That's some interesting variation.
Are they both siblings from Mike's sac?


----------



## mitchnast (Apr 21, 2010)

nope. the greenish one was from a fellow who was moving out of the country, He ordered a "sun tiger" and bought it through the local pet store.  I adopted it from him, and when I saw it, I thought it must be something else.

The more reddish one was from the sac that Spider1.0 had last spring.  Ive actually seen pics of it's parents. the former one, i cannot say anything regarding really.
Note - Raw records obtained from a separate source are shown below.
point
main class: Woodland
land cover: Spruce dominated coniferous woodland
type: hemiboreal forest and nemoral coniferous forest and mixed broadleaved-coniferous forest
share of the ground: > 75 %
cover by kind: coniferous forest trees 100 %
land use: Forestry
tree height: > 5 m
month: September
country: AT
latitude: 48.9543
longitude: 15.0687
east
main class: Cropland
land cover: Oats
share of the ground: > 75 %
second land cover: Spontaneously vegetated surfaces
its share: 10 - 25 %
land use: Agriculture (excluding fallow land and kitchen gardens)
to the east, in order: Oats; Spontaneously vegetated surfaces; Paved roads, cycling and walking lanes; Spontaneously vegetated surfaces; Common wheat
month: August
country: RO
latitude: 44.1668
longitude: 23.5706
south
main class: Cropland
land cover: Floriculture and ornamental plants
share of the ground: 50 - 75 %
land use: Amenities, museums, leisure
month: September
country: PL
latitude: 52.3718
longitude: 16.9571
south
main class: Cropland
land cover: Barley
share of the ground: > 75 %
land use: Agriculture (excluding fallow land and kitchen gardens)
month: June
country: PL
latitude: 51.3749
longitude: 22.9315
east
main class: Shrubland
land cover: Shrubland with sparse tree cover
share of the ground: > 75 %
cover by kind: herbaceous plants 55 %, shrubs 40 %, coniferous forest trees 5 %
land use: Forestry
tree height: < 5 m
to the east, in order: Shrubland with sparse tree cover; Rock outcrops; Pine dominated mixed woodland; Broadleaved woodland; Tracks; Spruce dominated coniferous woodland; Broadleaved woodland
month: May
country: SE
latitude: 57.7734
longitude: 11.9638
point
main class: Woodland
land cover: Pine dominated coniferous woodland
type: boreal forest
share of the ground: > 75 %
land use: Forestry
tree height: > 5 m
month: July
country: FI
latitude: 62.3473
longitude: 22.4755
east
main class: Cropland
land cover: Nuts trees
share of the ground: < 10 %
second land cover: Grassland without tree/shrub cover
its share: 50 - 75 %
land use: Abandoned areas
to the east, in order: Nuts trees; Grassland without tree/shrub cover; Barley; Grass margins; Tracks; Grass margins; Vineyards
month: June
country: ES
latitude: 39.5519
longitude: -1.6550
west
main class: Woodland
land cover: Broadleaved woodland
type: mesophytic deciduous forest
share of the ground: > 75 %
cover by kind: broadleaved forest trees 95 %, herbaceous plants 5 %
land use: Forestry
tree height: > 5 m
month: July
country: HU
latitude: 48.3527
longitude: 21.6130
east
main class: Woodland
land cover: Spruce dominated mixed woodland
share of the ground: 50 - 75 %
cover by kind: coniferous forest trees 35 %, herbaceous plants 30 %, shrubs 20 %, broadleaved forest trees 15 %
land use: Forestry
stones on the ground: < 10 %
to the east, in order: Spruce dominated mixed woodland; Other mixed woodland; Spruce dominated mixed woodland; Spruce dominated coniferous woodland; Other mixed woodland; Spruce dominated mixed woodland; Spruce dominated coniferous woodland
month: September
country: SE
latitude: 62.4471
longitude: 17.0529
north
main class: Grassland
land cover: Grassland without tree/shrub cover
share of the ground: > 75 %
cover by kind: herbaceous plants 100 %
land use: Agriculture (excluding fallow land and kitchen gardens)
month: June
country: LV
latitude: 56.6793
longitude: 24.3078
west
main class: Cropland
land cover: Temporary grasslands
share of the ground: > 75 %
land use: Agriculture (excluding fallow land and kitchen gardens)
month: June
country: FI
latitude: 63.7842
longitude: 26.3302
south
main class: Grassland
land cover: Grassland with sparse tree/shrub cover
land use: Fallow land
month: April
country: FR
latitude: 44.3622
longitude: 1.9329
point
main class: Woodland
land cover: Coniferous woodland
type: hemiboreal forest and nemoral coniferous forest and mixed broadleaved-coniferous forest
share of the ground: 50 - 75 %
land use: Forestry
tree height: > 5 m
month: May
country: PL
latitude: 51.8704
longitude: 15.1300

Ive heard mention of a "green island variant" of cambridgei, but weather that means "Green" in color, or from "green island" in Trinidad, I don't know.  I've seen them for sale from avery exotics, but I've never been able to find another reference for them at all


----------



## Mack&Cass (Apr 21, 2010)

We have noticed that camera flash makes irminia's look deceptive. Our female is jet-black in person, but a camera flash brings out a lot of grey and green that you don't see under normal lighting.
Mackenzie


----------



## J.huff23 (Apr 22, 2010)

Irminia's rock. My favorite species. My female is one of my only Ts that I would never get rid of.


----------



## mitchnast (Jul 3, 2010)

Haven't added anything in a while so here goes.

The Psalmopoeus side by side. Irminia, and what I now believe is a hybrid IrminiaXcambridgei










Big wild Antrodietus hageni










Female Ceratogyrus marshalli is getting big.  She ate her leg after the last molt.
But she's still young.


----------